As the car left the camp, Khalil stopped moving, and by the time they reached the hospital, he was no longer breathing. Mahmoud tried to staunch the bleeding with his hands. The boy’s last words to his uncle were, “Don’t be afraid.”
The uncle had hoped there would be soldiers at the pillbox – the guard tower at the edge of the camp – who could summon aid, but it was deserted. He remembered that a few days earlier, there had been a road accident nearby in which Israelis were involved, and the army had called in a helicopter to evacuate them.
As the uncle recalls the events of that day, the father sits by his side, silently. Mohammed goes to the cemetery every day now, to visit his son.
Musa Abu Hashhash, a veteran field worker for the Israeli human rights organization B’Tselem, arrived at Al Ahli at about 10:30 A.M. the day the boy was killed, and saw his body in the hospital morgue. Abu Hashhash, who has already seen a great deal in his work, was especially shocked by this incident. He published an article about it on the website of the Palestinian news agency Ma’an under the headline, “The Coward,” referring to the soldier who killed the boy and fled.
Immediately after the event, the Israel Defense Forces’ Spokesperson’s Unit published a statement on its website, stating (in a rare instance) that the IDF “regrets” the boy’s death.
During our visit, we saw a few children were playing in the local “community center” – a shabby, tattered room in the heart of the camp, with three old computers and a tabletop soccer game – its walls covered with pictures of their deceased friend, Khalil.
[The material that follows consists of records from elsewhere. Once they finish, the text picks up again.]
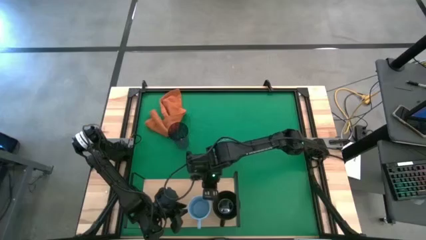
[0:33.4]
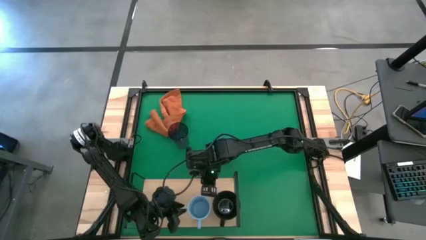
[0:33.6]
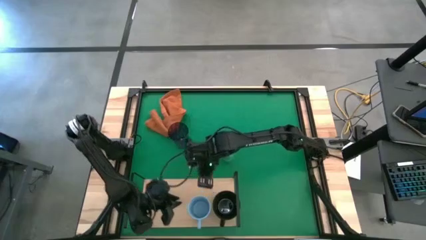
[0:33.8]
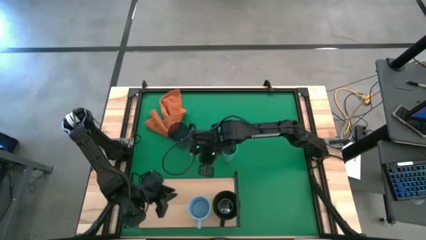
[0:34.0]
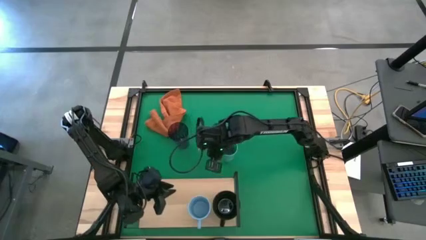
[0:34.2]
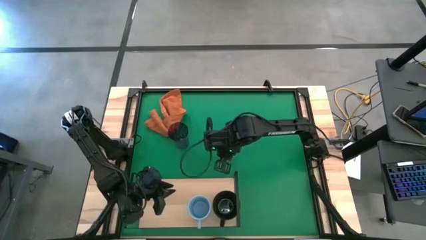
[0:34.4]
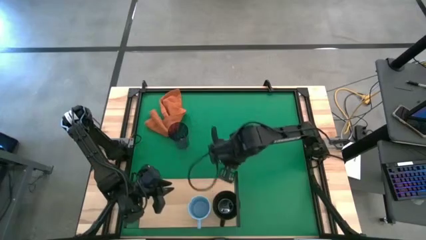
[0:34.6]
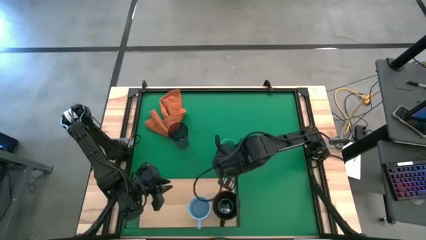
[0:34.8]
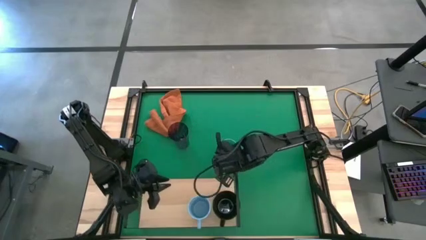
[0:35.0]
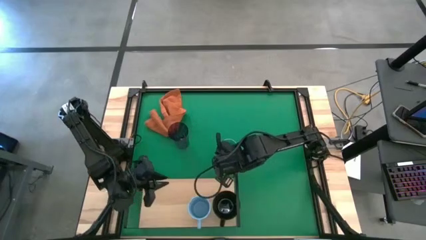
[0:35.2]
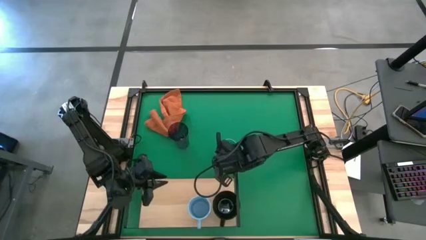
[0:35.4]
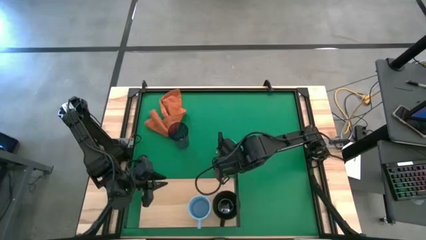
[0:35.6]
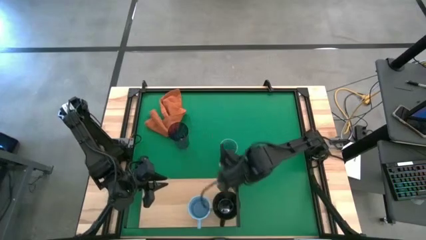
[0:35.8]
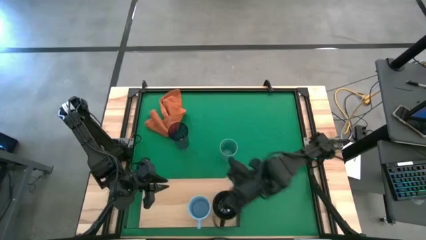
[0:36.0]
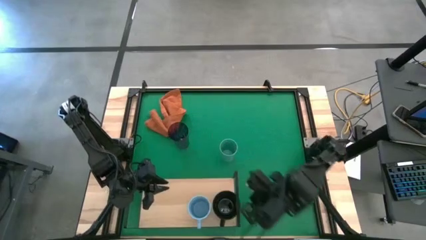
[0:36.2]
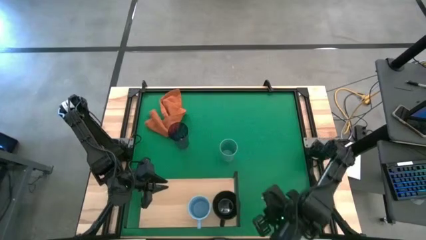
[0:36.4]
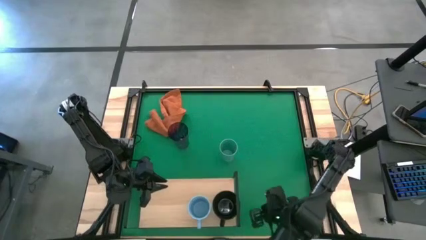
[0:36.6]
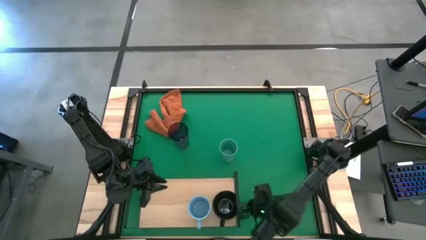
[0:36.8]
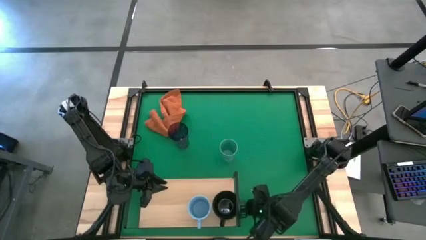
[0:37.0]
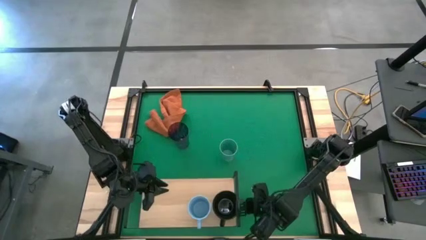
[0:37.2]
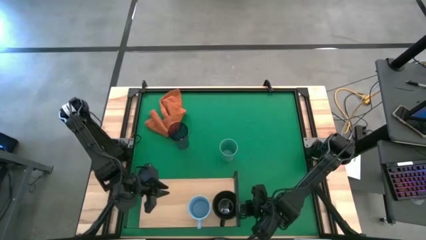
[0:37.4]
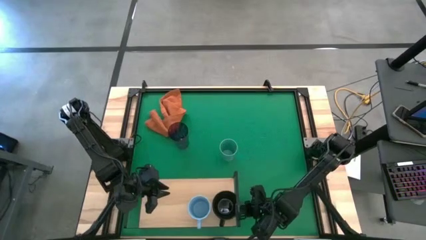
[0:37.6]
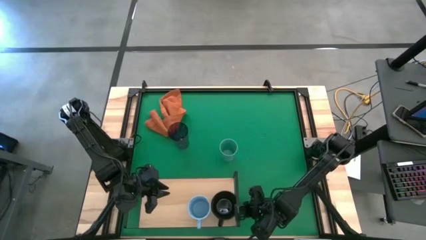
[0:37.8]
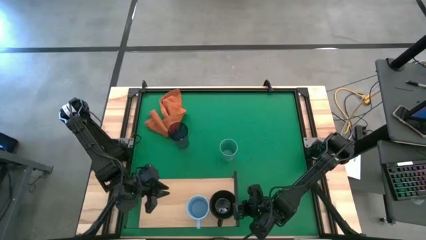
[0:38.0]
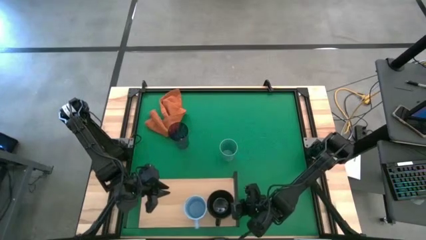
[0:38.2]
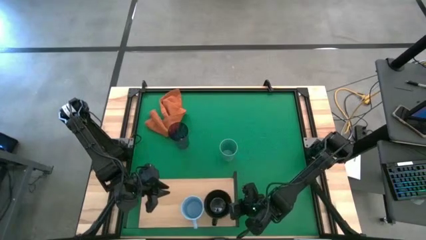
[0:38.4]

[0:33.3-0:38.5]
Task: Stack small to large cups/mugs on shelf
Adjust the black mug on the shelf

Yakub Nasser entered the room in his electric wheelchair. Now 19, he too was shot here by soldiers, in 2009, when he was 14. Since then his legs have been paralyzed and he’s been confined to a wheelchair.
As for Khalil, he was supposed to have attended a local day camp during the final days of the summer vacation, and was also getting ready to enter the sixth grade. He had been accompanying his father as he sold used clothing and old television sets; he buys them from a dealer in nearby Halhoul and offers them for sale to the camp’s residents.
Two days before his death, neighbors had collected donations for residents of the Gaza Strip. Khalil stole a blanket from home and brought it to the local mosque as his contribution to his brethren in Strip.